If you look at the residuals,
we see that this is almost white except maybe one spike here,
where we ignored, then thought that maybe this is an outlier,
and there is no significant autocorrelation.
There is systematic departure from normality,
but I don't see any,
we don't see any small p-value which will tell us,
which tells us that there is no significant autocorrelation left in the residual.
So we can assume that actually residuals are,
at this point, is a white noise.
Now SARIMA(0,1,0,0,1,1)_12 model is basically the following.
One, non-seasonal differencing, that's 1-B.
One seasonal differencing, that's 1-B^12.
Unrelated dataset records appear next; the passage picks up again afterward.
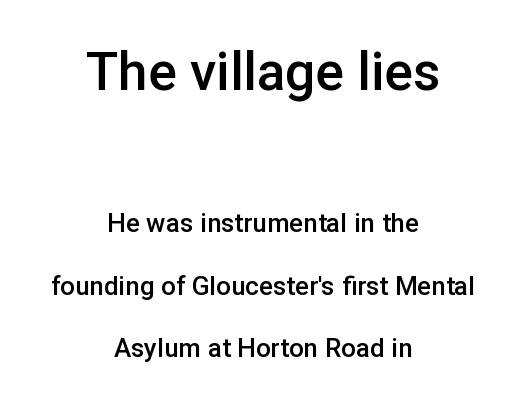
{"serif": "no", "italic": "no", "bold": "semi", "weight": "semibold", "width": "normal", "stroke_contrast": "low", "x_height": "medium", "monospaced": "no", "underline": "no", "align": "center", "line_spacing": "loose", "line_spacing_ratio": 2.41, "letter_spacing": "normal", "letter_spacing_em": 0.0, "larger_block": "first", "size_ratio": 2.04, "glyph_px": 53}
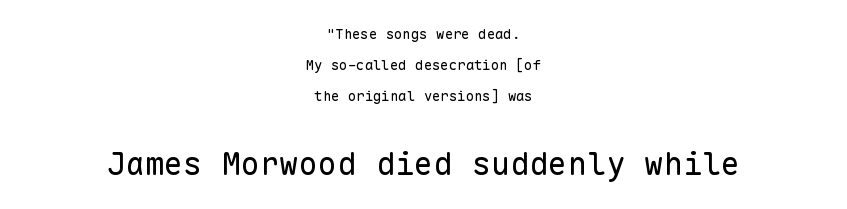
Baseline-to-baseline distance is far greater than the letter height. Each stroke keeps to a modest, everyday thickness or less. Note: smaller setting up top, larger setting below. Casual observation: everything's sitting right in the middle. This is sans-serif lettering, the kind often seen on screens and signage. The type is set solid horizontally, with unmodified tracking.
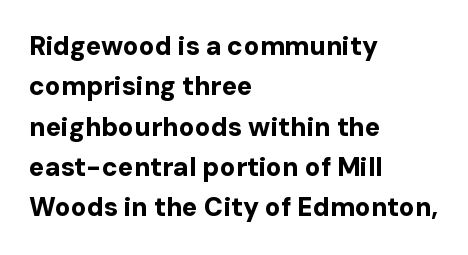
{"italic": "no", "bold": "yes", "underline": "no", "align": "left", "line_spacing": "normal", "line_spacing_ratio": 1.55, "letter_spacing": "normal", "letter_spacing_em": 0.0, "glyph_px": 26}
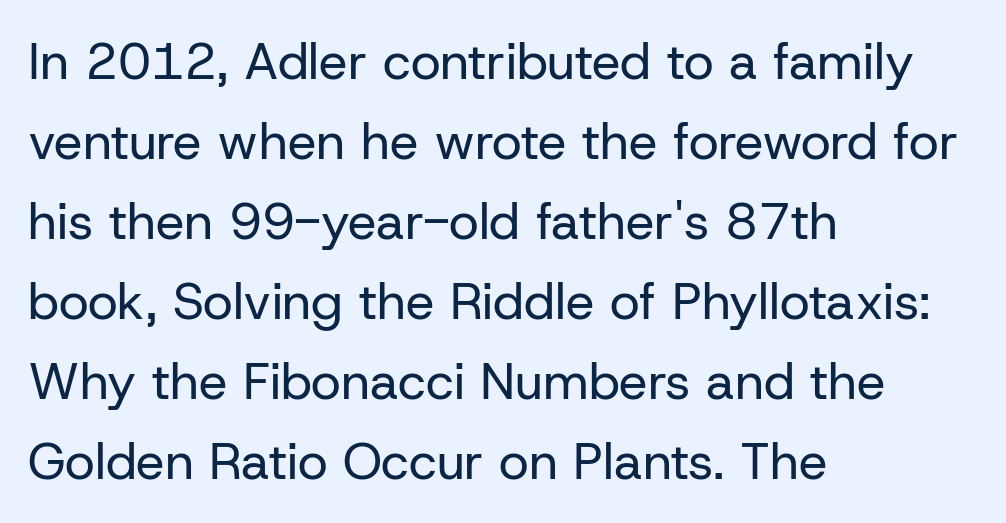
Q: Is the text bold? A: No.
Q: Is the text italic (slanted)? A: No, it is upright.
Q: Is the typeface a serif or a sans-serif typeface? A: Sans-serif.
Q: Is the text underlined? A: No.
Q: How is the paragraph aligned? A: Left-aligned.
Q: Is the spacing between letters normal or unusually wide? A: Normal.
Q: Is the spacing between lines tight, normal or loose? A: Normal.
Q: Width (condensed, normal, or wide)? A: Normal.
Q: Stroke contrast? A: Low.
Q: x-height? A: Medium.
Q: Monospaced? A: No.
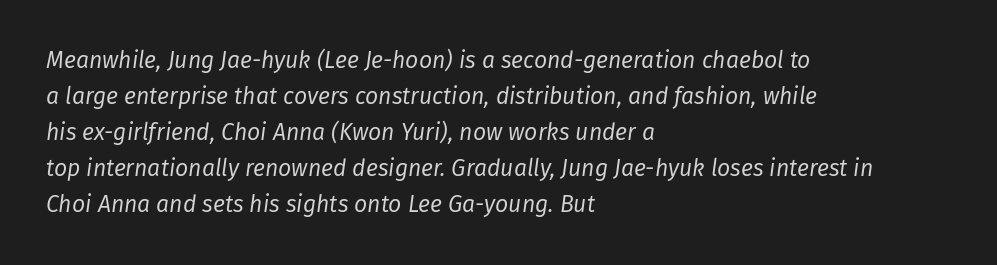
Q: Is the text bold? A: No.
Q: Is the text italic (slanted)? A: Yes, it leans right by about 8 degrees.
Q: Is the text underlined? A: No.
Q: How is the paragraph aligned? A: Left-aligned.
Q: Is the spacing between letters normal or unusually wide? A: Normal.
Q: Is the spacing between lines tight, normal or loose? A: Normal.
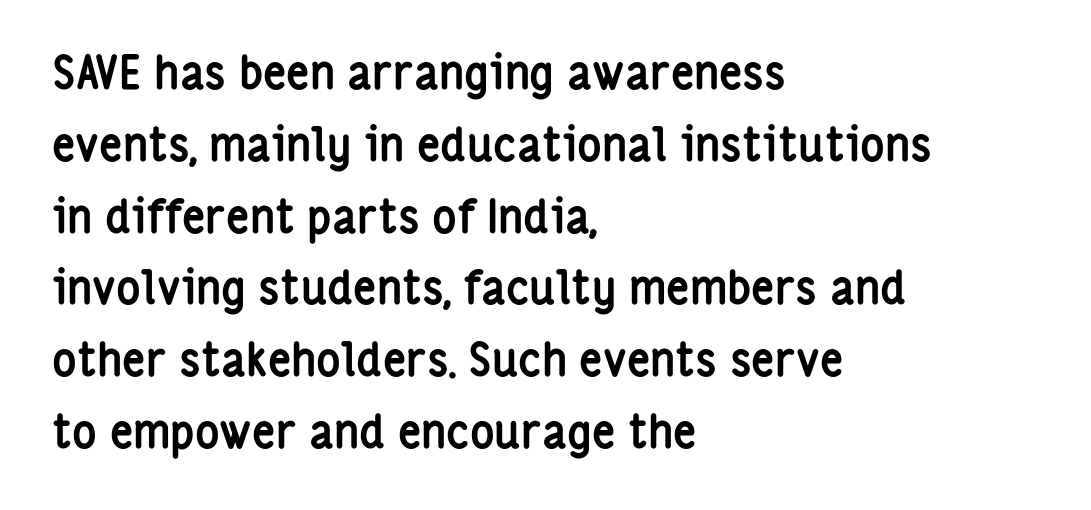
{"serif": "no", "italic": "no", "bold": "yes", "weight": "semibold", "width": "condensed", "stroke_contrast": "low", "x_height": "medium", "monospaced": "no", "underline": "no", "align": "left", "line_spacing": "normal", "line_spacing_ratio": 1.56, "letter_spacing": "normal", "letter_spacing_em": 0.0, "glyph_px": 46}

12 is the span of the seasonality.
There is no autoregressive terms.
And there's one seasonal moving average term which will tell me 1+ theta B_to_the_12 Z_t.
If we expand it,
this becomes our model.
Now, according to our estimation,
theta_hat, the estimation for the theta is -0.6750,
which leads us to the following model,
that X_t depends on previous lag,
the previous year, the same month,
and X_t_minus_13, and then there's noise at this point,
but the noise from the last year.
And Z_t, we use the normal with variance 34.47.
Now, if you forecast using our forecast routine from the forecast package,
we get our forecast right here.
This piece, this part is 80% confidence interval,
and then upper one is 95% confidence interval for our forecast.
In fact, if we write forecast(model),
we can actually see a point estimation or also confidence interval,
80% confidence interval and 95% confidence interval for the next two years, but here,
I put only next year but,
by default, it gives you next two years.
So what have we learned?
We have learned how to fit a SARIMA models to
a milk production data from Time Series Data Library,
and we learned how to forecast the future values of this examined time series.